I'm surprised. For many that was the "awakening" that moral hazard had become the status quo and that it would be preserved at all costs. ZIRP was sold as an "emergency measure", but conveniently it has become a 7 year albatross with even the most timid "suggestion" of a rate hike turning the status quo into panic.
There's a massive market out there for the world of bad credit. Think about all the entitlement types living off the gov't dole, plus the criminals that can't get regular work...the mentally unstable that can't hold jobs...substance abusers...the list goes on. At 30% interest on a 20K car loan for an 8 year term (remember they can't get anything anywhere else), that's 12K in interest if you can keep them making payments for just 2 years - and they still owe 18K in principal. With today's technology, you often wind up repo'ing the car anyway. Even with huge default rates...this is big money for those that can stomach it. A few decades ago, I used to repo cars for these guys.
We're talking here about bond mkt repos. Not car repos. And I still doubt very much that any brokerage firm is repo-ing the bonds described in this deal.
Yep, there was just a miscommunication here. I thought we were talking about bond repos and you thought we were talking about car repos. I'm not all that surprised that they were doing this kind of lending in the car business, but I was really surprised if inv banks were lending money to customers using these bonds as collateral.

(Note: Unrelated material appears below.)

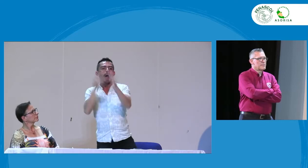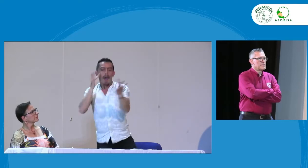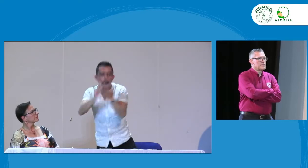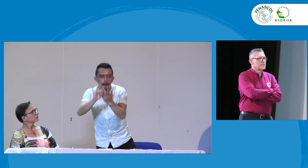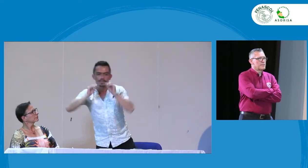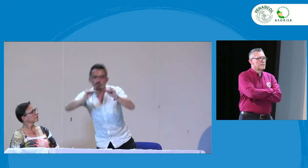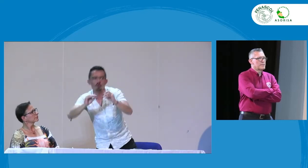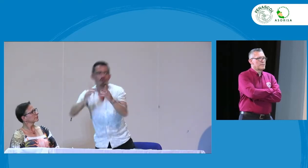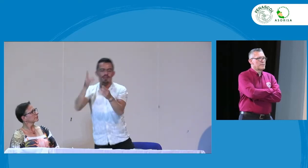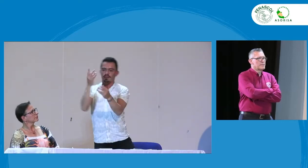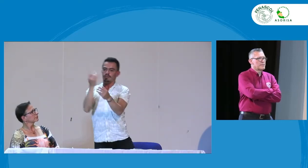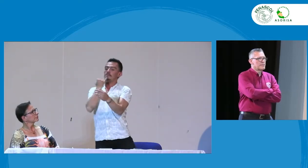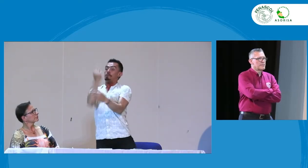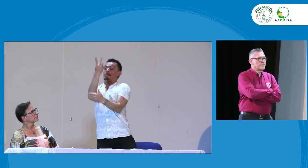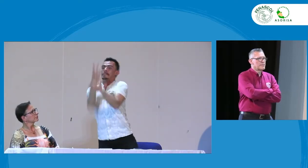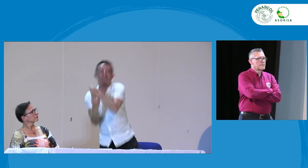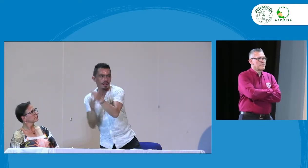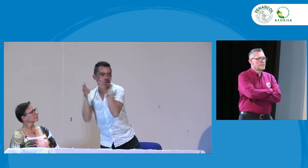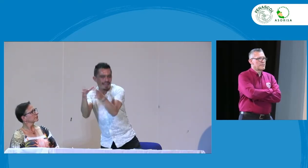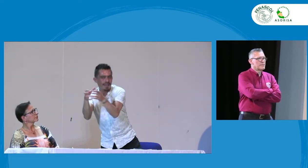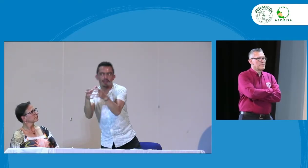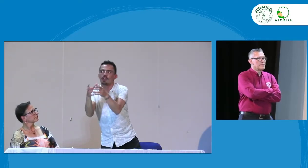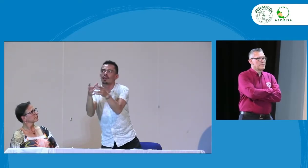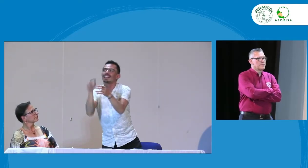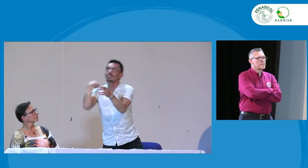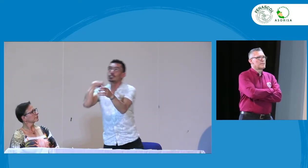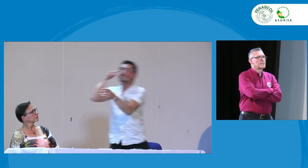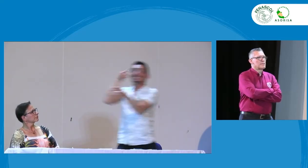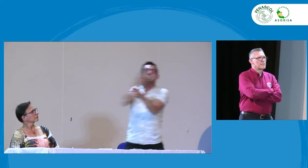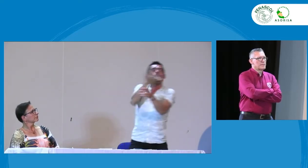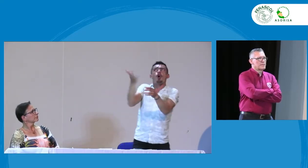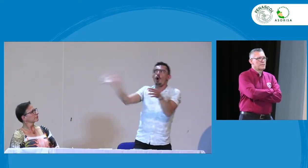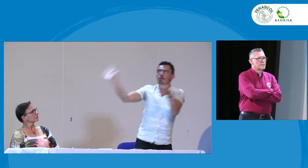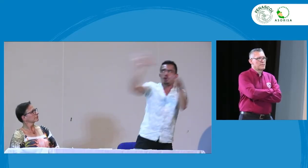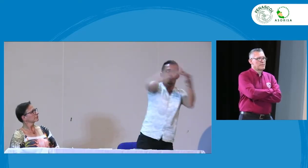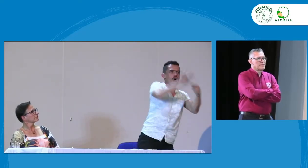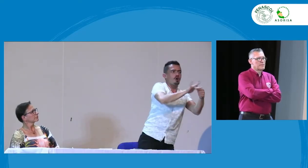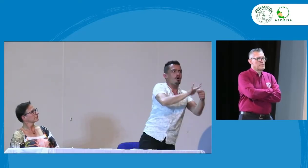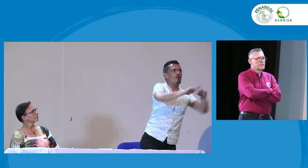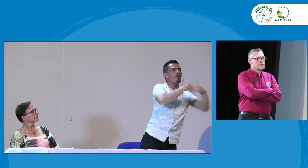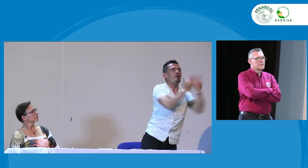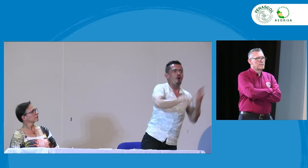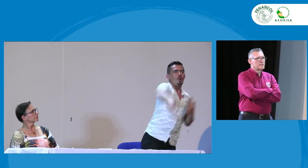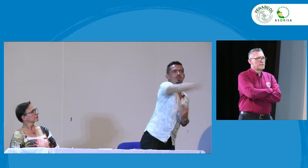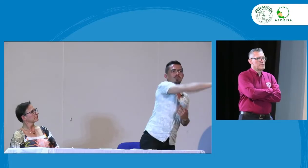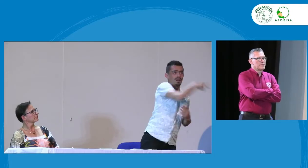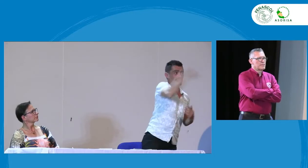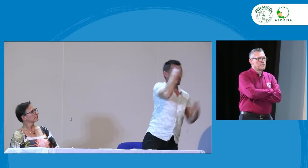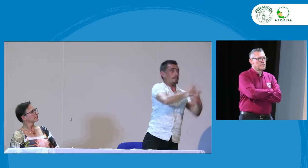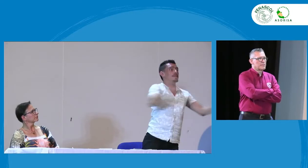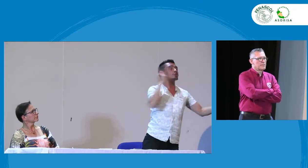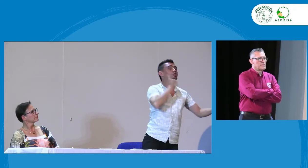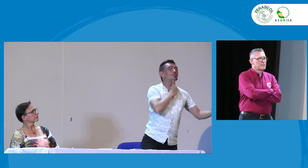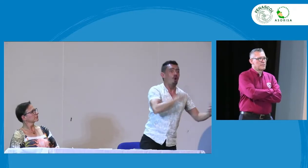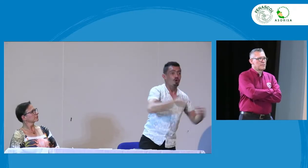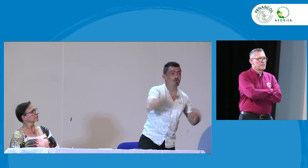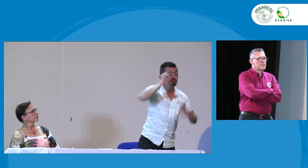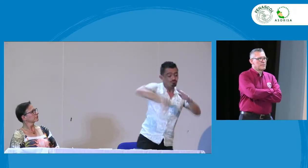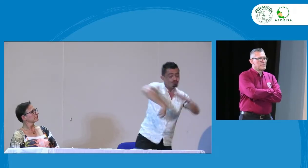porque todavía no se tienen esos roles no se tienen esa enseñanza de la lengua de señas y el mismo bilingüismo entonces ¿cuándo lo vamos a aplicar

I think that was a huge part of the runup leading to 2007. Technology allowed securitization and mixing of debt instruments into products that became more complicated. The selling organizations often wanted to juice the returns, so they added some risk with lower grade paper. The buyers found out what they had and wanted to strip out only the riskiest stuff - so they tried to sell those parts. After it had been sold seven times and repackaged five times, no one had any idea who owned it when the originator defaulted...especially when the third and fourth company that owned them were out of business. I have read that there has been some scaling back in this regard, but have things really changed all that much? Has this stuff completely stopped? Once securitization became common, it seemed that we would always run the cycles of conservative prudence with certain players increasing risk over the years until we pop...then it starts over. All of this C and D paper has to go somewhere. With the legal ability to double your return on invested capital, it seems like the folks holding it would lend against it if they could. It's not THEIR money.